» **WHAT TO WORK ON**: Wherever a picture appears in the data below, omit it, and restate everything else word for word.

-- SOURCE RECORDS follows --

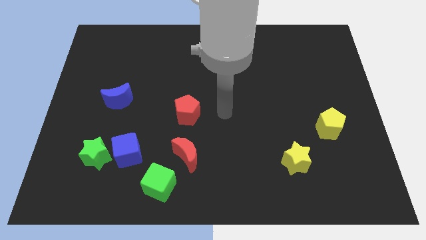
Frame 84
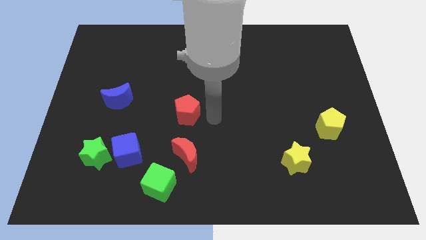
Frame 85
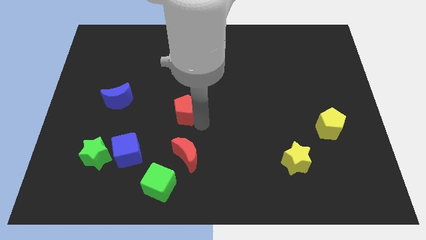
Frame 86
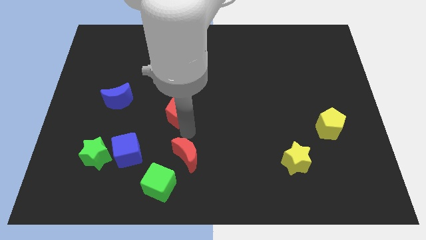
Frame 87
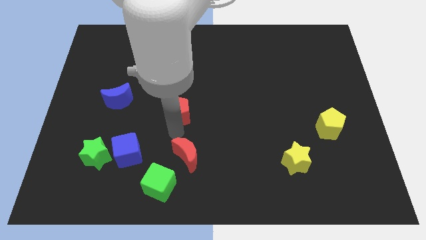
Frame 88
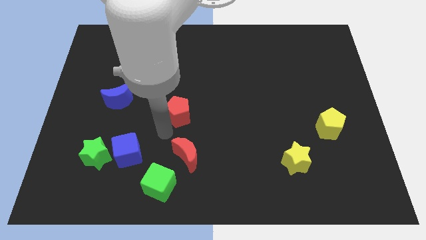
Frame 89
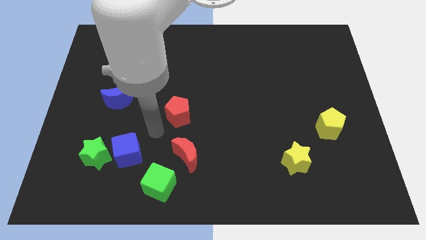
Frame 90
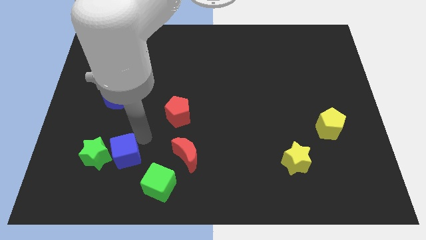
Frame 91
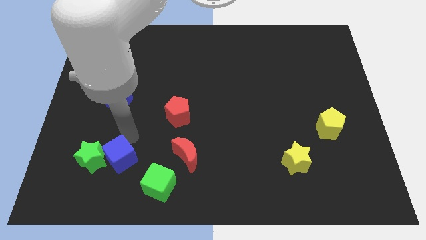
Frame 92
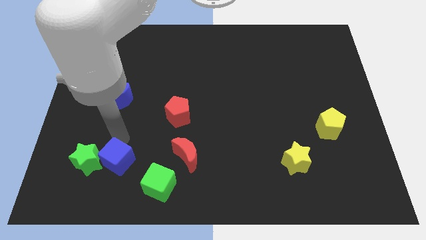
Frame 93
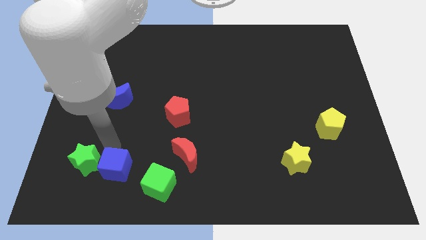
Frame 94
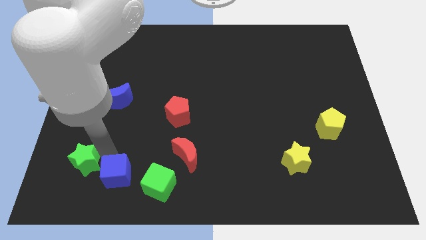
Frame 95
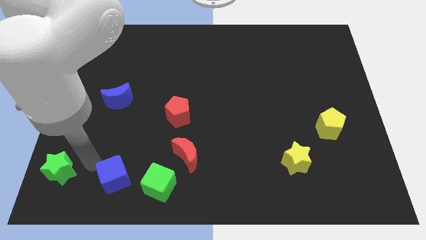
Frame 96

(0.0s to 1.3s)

-- SOURCE RECORDS concluded --

» **TASK RESULT**:
Frame 84
Frame 85
Frame 86
Frame 87
Frame 88
Frame 89
Frame 90
Frame 91
Frame 92
Frame 93
Frame 94
Frame 95
Frame 96

(0.0s to 1.3s)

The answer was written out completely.